**EXERCISE DIRECTIONS**
Present the following entries again, word for word and in full.

[Recorded data]
BEGIN

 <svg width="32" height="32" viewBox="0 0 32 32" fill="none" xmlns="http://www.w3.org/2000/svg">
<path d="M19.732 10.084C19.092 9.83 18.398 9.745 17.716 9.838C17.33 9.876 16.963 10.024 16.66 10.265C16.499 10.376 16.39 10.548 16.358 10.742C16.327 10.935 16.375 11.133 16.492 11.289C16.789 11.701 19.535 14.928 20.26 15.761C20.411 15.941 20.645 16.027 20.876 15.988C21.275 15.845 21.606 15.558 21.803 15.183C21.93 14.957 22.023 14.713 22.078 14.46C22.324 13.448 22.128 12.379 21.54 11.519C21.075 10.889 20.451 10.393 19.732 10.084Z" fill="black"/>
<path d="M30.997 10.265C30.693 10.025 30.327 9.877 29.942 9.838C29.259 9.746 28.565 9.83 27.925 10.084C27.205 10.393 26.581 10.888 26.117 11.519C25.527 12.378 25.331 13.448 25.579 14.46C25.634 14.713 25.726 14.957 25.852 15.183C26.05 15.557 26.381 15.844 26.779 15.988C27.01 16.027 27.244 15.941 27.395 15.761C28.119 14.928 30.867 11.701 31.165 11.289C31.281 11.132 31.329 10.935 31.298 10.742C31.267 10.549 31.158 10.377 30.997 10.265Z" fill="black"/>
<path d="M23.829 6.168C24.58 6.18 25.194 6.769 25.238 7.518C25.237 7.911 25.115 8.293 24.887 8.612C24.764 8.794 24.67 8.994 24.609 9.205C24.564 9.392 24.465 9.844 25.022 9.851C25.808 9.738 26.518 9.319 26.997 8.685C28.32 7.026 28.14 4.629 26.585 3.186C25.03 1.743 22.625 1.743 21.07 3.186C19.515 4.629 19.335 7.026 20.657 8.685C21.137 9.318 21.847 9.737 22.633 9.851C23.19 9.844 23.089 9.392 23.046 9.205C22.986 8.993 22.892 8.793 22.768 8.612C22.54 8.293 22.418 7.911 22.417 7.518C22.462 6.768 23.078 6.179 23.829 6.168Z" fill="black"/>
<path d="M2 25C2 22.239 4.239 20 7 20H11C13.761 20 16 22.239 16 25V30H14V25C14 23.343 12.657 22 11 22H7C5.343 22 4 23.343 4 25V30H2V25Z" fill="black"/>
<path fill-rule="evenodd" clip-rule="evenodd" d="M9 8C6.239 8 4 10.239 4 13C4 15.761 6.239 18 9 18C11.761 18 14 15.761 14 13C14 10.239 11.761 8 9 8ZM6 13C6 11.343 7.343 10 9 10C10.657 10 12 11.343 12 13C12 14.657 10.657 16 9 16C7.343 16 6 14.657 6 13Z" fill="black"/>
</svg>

END

**SOLUTION FOR THIS TASK**
 <svg width="32" height="32" viewBox="0 0 32 32" fill="none" xmlns="http://www.w3.org/2000/svg">
<path d="M19.732 10.084C19.092 9.83 18.398 9.745 17.716 9.838C17.33 9.876 16.963 10.024 16.66 10.265C16.499 10.376 16.39 10.548 16.358 10.742C16.327 10.935 16.375 11.133 16.492 11.289C16.789 11.701 19.535 14.928 20.26 15.761C20.411 15.941 20.645 16.027 20.876 15.988C21.275 15.845 21.606 15.558 21.803 15.183C21.93 14.957 22.023 14.713 22.078 14.46C22.324 13.448 22.128 12.379 21.54 11.519C21.075 10.889 20.451 10.393 19.732 10.084Z" fill="black"/>
<path d="M30.997 10.265C30.693 10.025 30.327 9.877 29.942 9.838C29.259 9.746 28.565 9.83 27.925 10.084C27.205 10.393 26.581 10.888 26.117 11.519C25.527 12.378 25.331 13.448 25.579 14.46C25.634 14.713 25.726 14.957 25.852 15.183C26.05 15.557 26.381 15.844 26.779 15.988C27.01 16.027 27.244 15.941 27.395 15.761C28.119 14.928 30.867 11.701 31.165 11.289C31.281 11.132 31.329 10.935 31.298 10.742C31.267 10.549 31.158 10.377 30.997 10.265Z" fill="black"/>
<path d="M23.829 6.168C24.58 6.18 25.194 6.769 25.238 7.518C25.237 7.911 25.115 8.293 24.887 8.612C24.764 8.794 24.67 8.994 24.609 9.205C24.564 9.392 24.465 9.844 25.022 9.851C25.808 9.738 26.518 9.319 26.997 8.685C28.32 7.026 28.14 4.629 26.585 3.186C25.03 1.743 22.625 1.743 21.07 3.186C19.515 4.629 19.335 7.026 20.657 8.685C21.137 9.318 21.847 9.737 22.633 9.851C23.19 9.844 23.089 9.392 23.046 9.205C22.986 8.993 22.892 8.793 22.768 8.612C22.54 8.293 22.418 7.911 22.417 7.518C22.462 6.768 23.078 6.179 23.829 6.168Z" fill="black"/>
<path d="M2 25C2 22.239 4.239 20 7 20H11C13.761 20 16 22.239 16 25V30H14V25C14 23.343 12.657 22 11 22H7C5.343 22 4 23.343 4 25V30H2V25Z" fill="black"/>
<path fill-rule="evenodd" clip-rule="evenodd" d="M9 8C6.239 8 4 10.239 4 13C4 15.761 6.239 18 9 18C11.761 18 14 15.761 14 13C14 10.239 11.761 8 9 8ZM6 13C6 11.343 7.343 10 9 10C10.657 10 12 11.343 12 13C12 14.657 10.657 16 9 16C7.343 16 6 14.657 6 13Z" fill="black"/>
</svg>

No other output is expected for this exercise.